Thorichthys aureus (GÜNTHER,1862)
Aureus = Gouden.
Thorichthys aureus is de eerst beschreven Thorichthys. Günther beschreef hem in zijn “Catalogue of fishes” in 1862. In hetzelfde boek staat ook de éérstbeschrijving van T.affinis. Sterker nog.., ze staan op dezelfde bladzijde. De referentie-verwijzingen zijn dus gelijk. Toch geldt de T. aureus als eerst beschreven. En niet alleen omdat hij in het boek als eerste genoemd wordt maar ook omdat de naam “affinis” 'n verwijzing is naar de T. aureus "gelijkend op". De geslachtsnaam Thorichthys werd in Günthers tijd nog niet gebruikt. Deze is pas in 1904 door S.E.Meek ingevoerd. De volledige naam waarmee Günther deze vis beschreef luide, Heros aureus (Günther1862).
Dr Rüdiger Riehl, Hans A Baensch Mergus Aquarien Atlas band 3 blz 882.
De aureus is de meest Zuidelijk voorkomende Thorichthys en bewoont daar hetzelfde habitat als de meeki, nml. midden en benedenlopen van rivieren, moerassen en meren. Maar daarnaast zijn er van de aureus ook 'n paar populaties in de reofielere bovenlopen bekent. De meeki en de aureus worden van elkaar gescheiden door de “Maya Mountains” Dit is het oudste gebied van midden Amerika. 300 miljoen jaar geleden staken de toppen van deze bergen als eilanden boven water en was er van de rest van M.Amerika nog niets te bekennen. Cichliden bestonden er in die tijd trouwens ook nog niet;). Aan de Noord-zijde van dit gebied (Belize river) eindigt het verspreidingsgebied van de meeki en aan de Zuid-zijde bij “indian Creek – Golden stream” begint het areaal van de aureus. Met 'n kleurencombinatie van geel rose en iriserend blauw behoort de aureus tot een van de mooiste Thorichthyssen die we kennen. De kleur kan per locatie verschillen. De dieren uit het Izabal-meer (waar ook het holotype vandaan komt) Zijn bijv. wat blauwer dan de vissen uit de Rio Motagua. Die weer wat geler ogen. De vissen worden z'n 15 cm groot en kunnen na ruim 'n jaar ongeacht de grote geslachtsrijp zijn.

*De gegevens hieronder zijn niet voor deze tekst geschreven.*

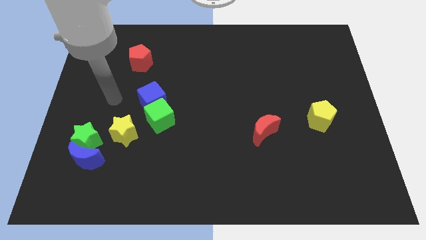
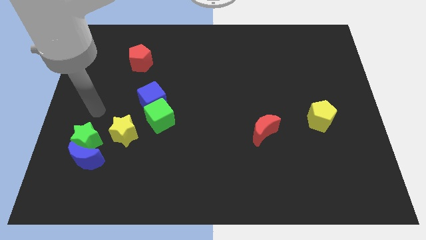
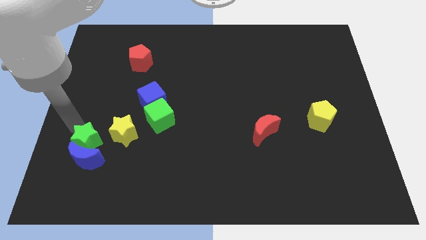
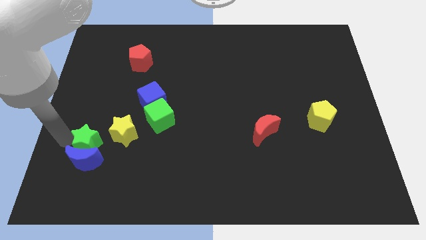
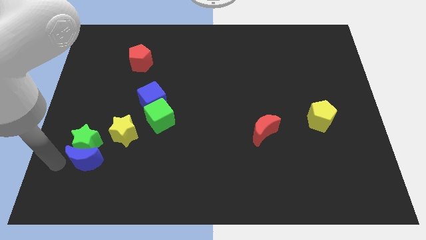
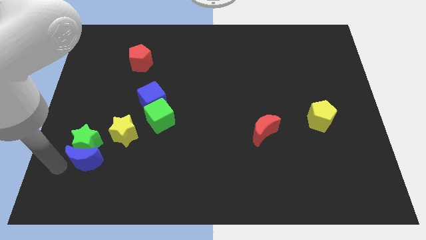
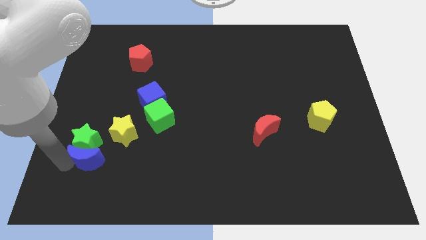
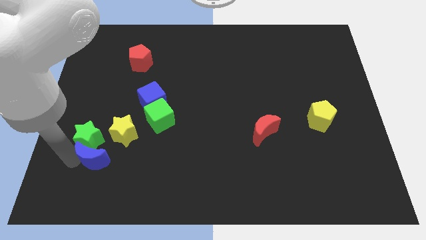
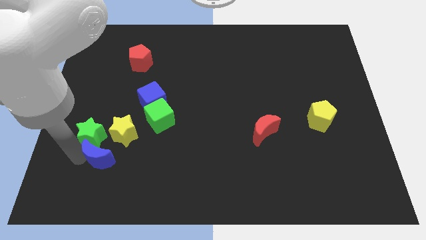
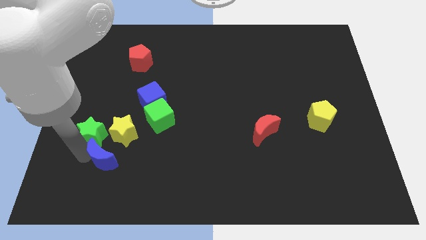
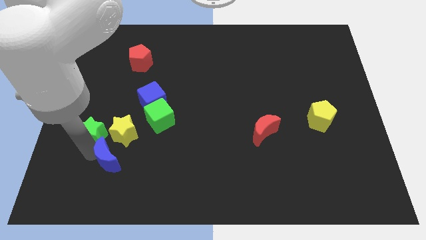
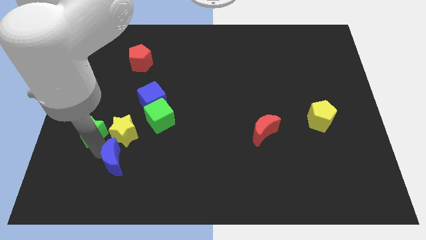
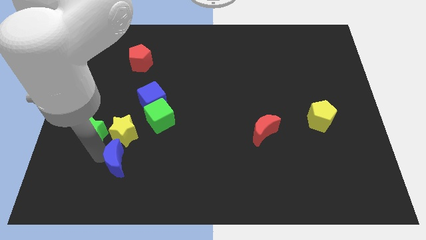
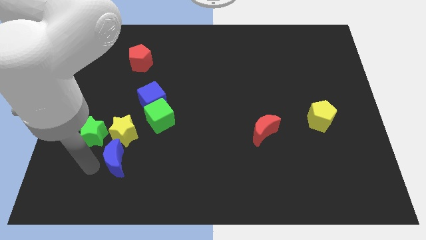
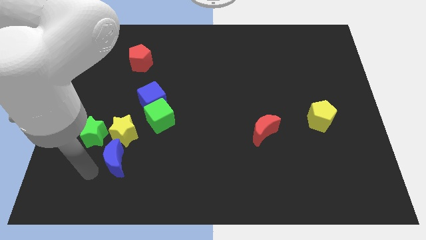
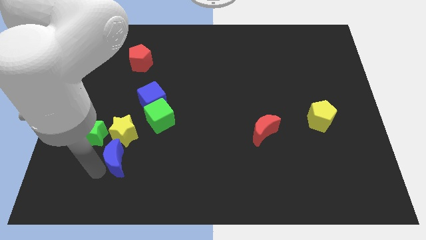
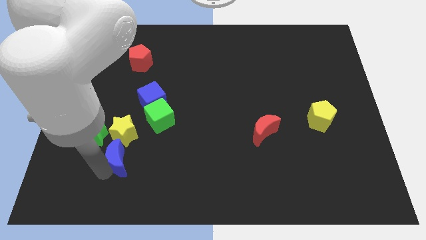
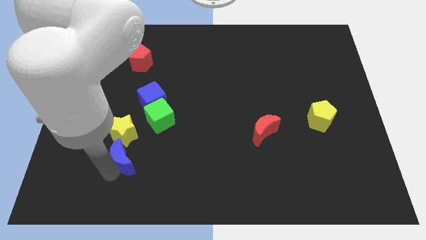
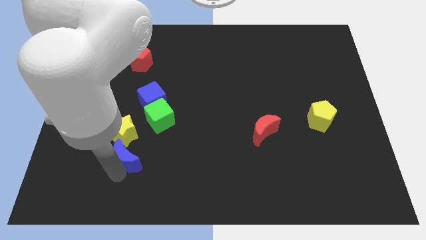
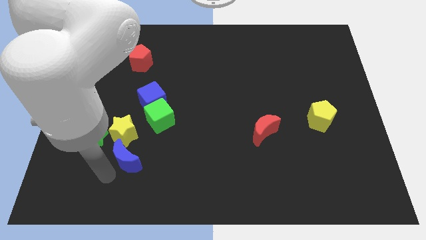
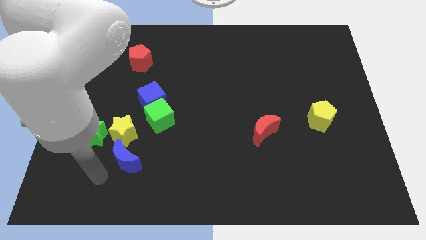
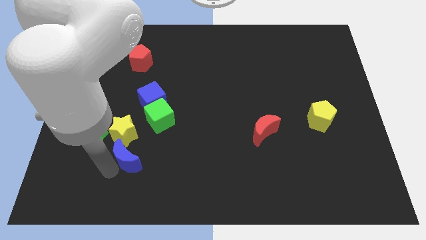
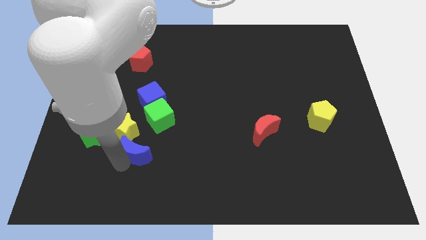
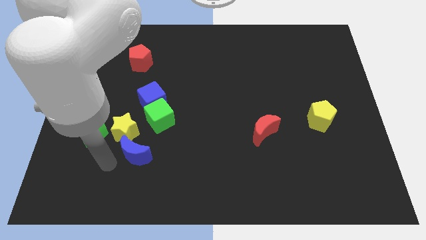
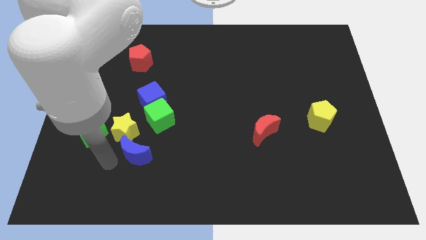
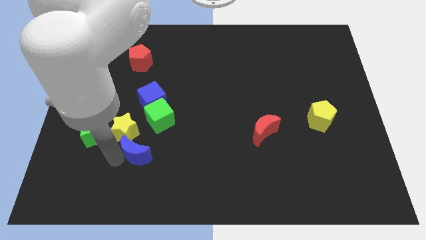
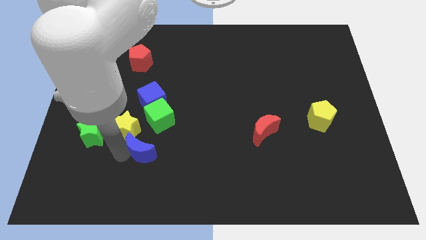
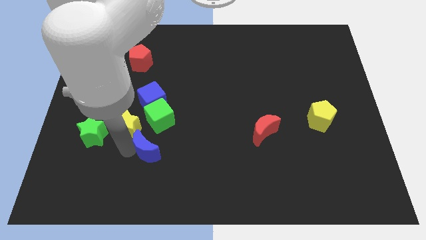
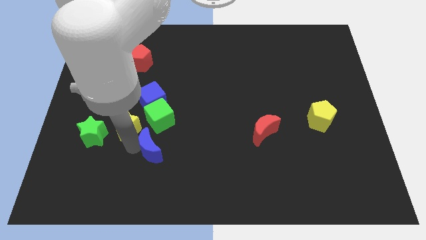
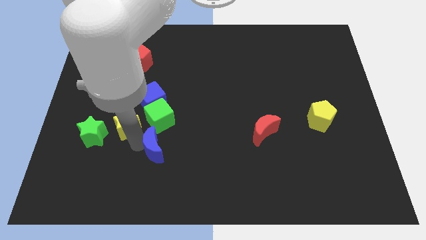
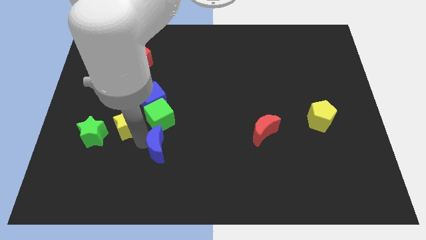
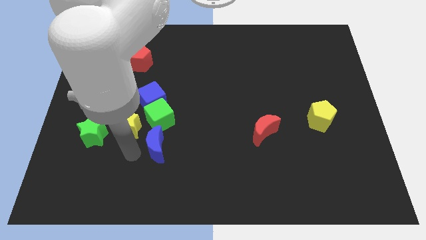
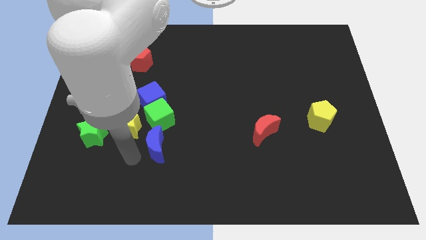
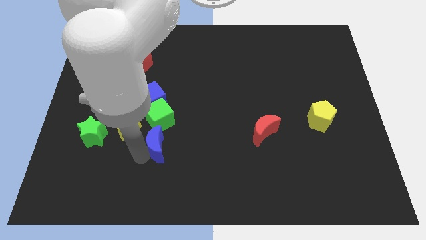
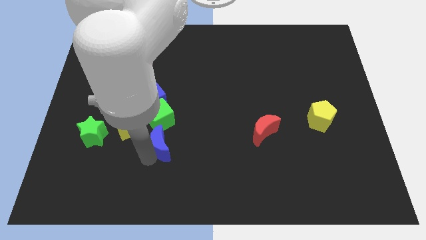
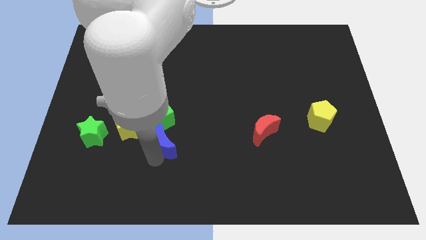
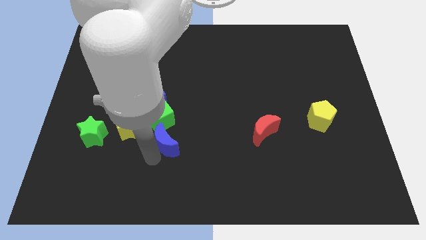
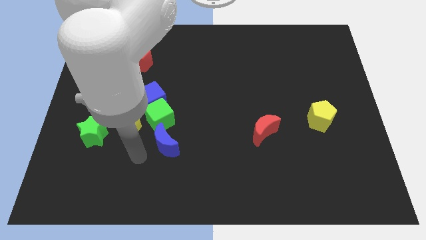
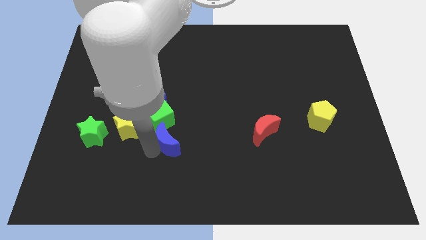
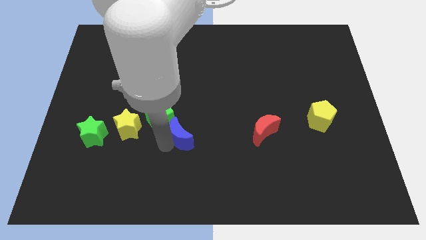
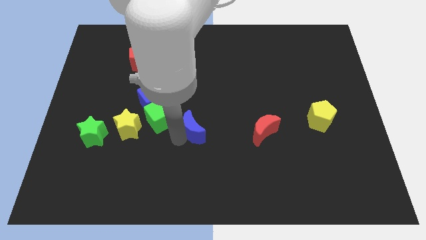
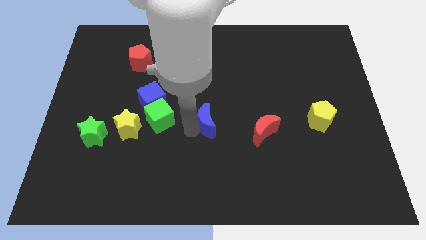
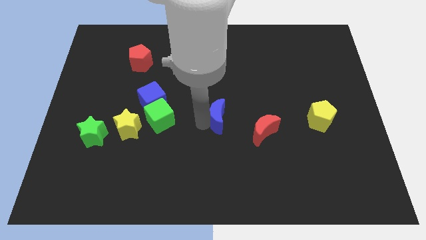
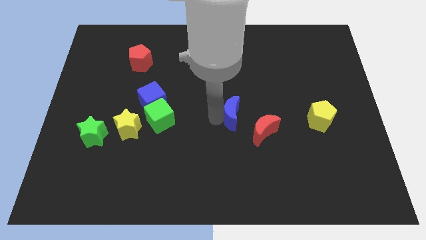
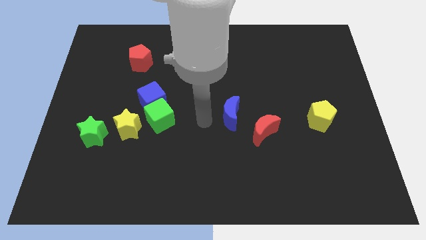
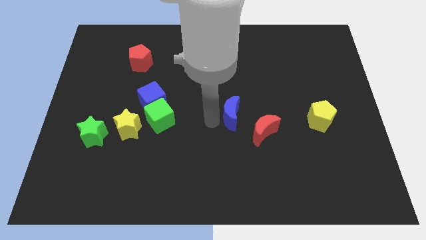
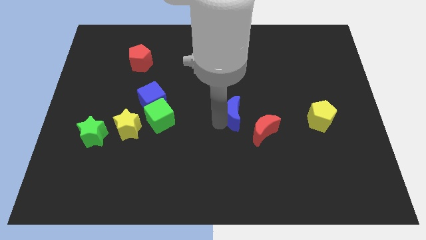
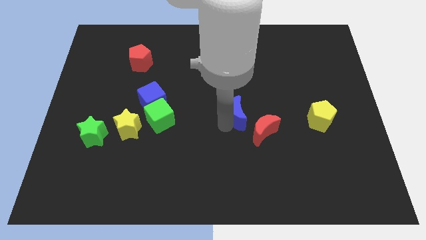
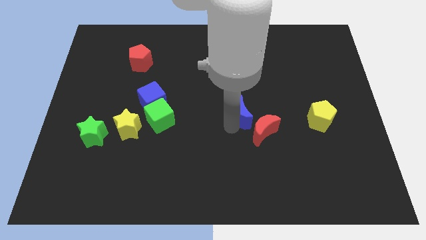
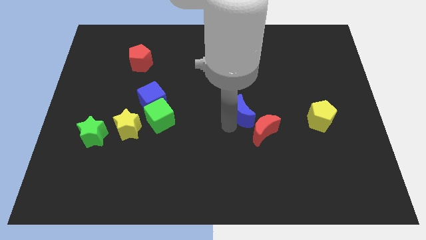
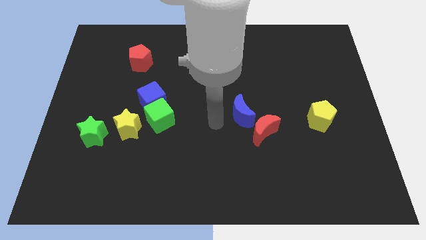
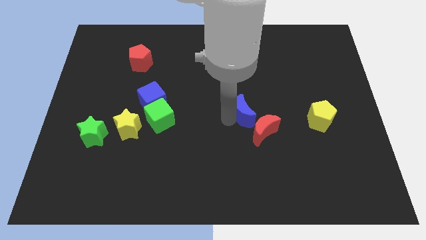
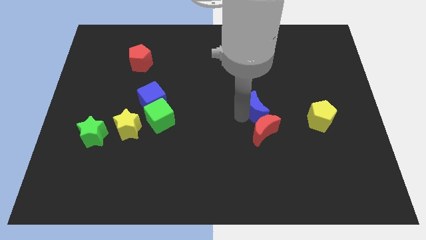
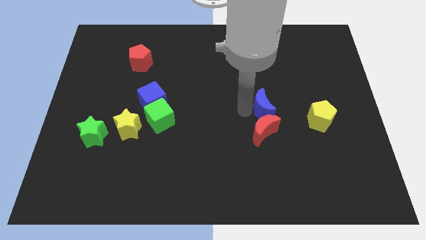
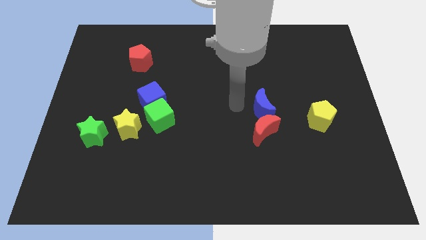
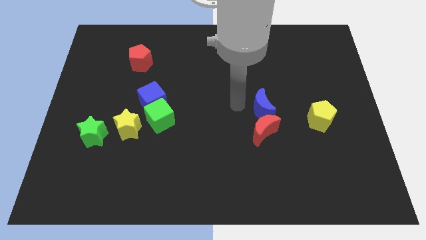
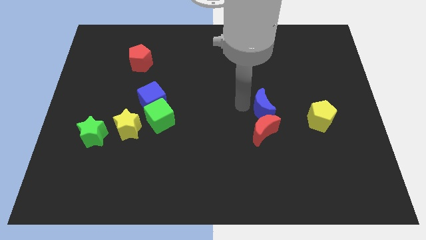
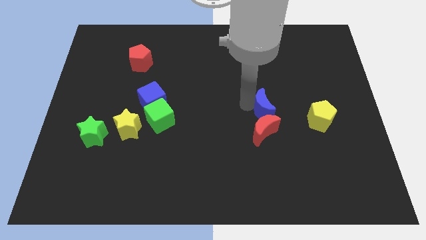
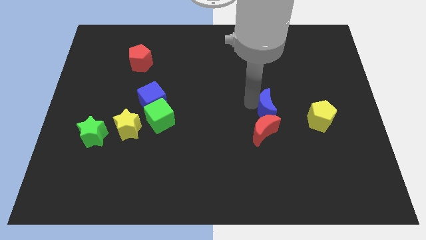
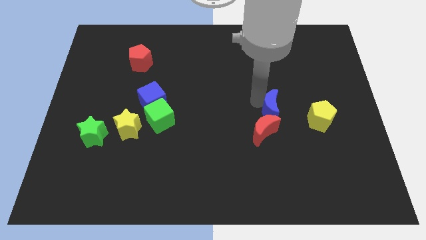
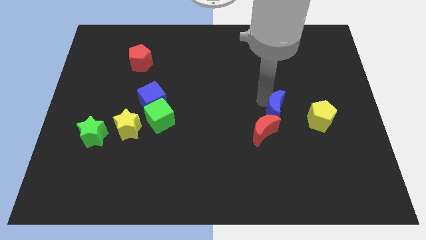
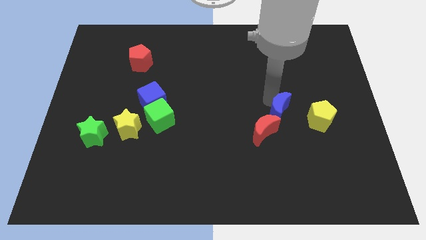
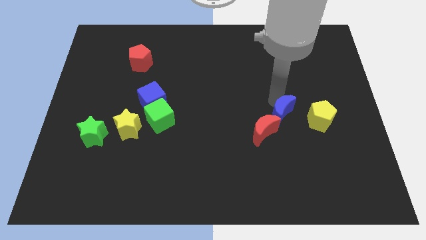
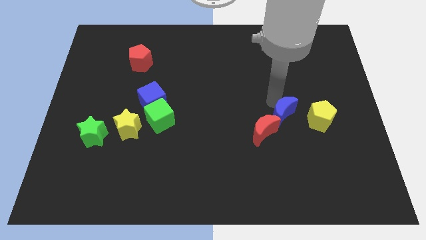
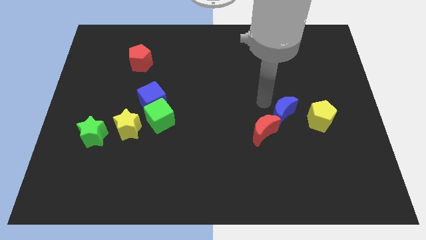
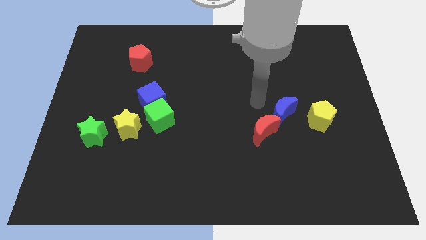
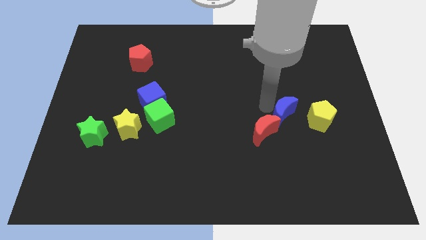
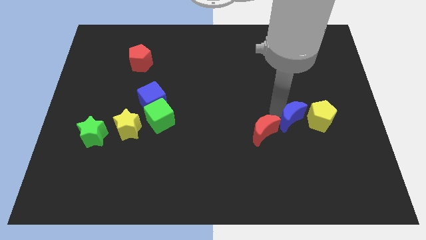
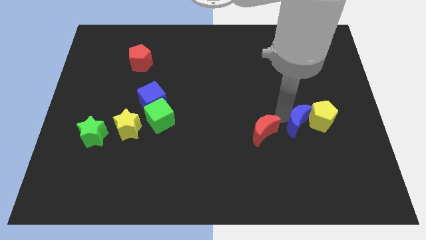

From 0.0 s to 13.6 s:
move the blue moon next to the yellow pentagon

Van Golden Stream (belize) in het Noord-Westen tot Rio Copan (Honduras) in het Zuid-Oosten.
Territoriumvormende broedverzorgende cichlide.
Alleseter, zolang de voedseldeeltjes maar niet te groot zijn. In de vrije natuur zal dit voedsel bestaan uit insektenlaven kleine kreeftachtigen en wormpjes. Dit wordt met grote precisie uit het zand gezeefd. Thorichthyssen zijn zandzifters en we kunnen de vissen dan ook 'n groot deel van de dag met het hoofd naar beneden boven het zand zien staan. Ze nemen dan 'n hap zand, zwemmen er 'n stukje mee weg, spoelen het 'n beetje rond in de mond, waarna het eetbare wordt doorgeslikt en het oneetbare weer uitgespuugd. Zo kunnen na verloop van tijd stenen planten en ander decoratiemateriaal geleidelijk onder het zand verdwijnen. Hubbs had in de jaren dertig 'n toepasselijke naam voor de meeki (die ditzelfde gedrag vertoont) Hij noemde de vis C. hyorhynshum wat zoveel betekent als “snuit van 'n wild zwijn”. Zou hij geweten hebben dat de vis zich ook als zodanig gedroeg;)...? Het is in ieder geval goed om rekening te houden met dit specifieke fourageergedrag. Het is dus voor 'n aureus zeer onnatuurlijk om het voedsel van het wateroppervlak te moeten happen. Daarom wrijf ik voor Thorichthyssen droogvoer onder water fijn zodat het meteen zinkt.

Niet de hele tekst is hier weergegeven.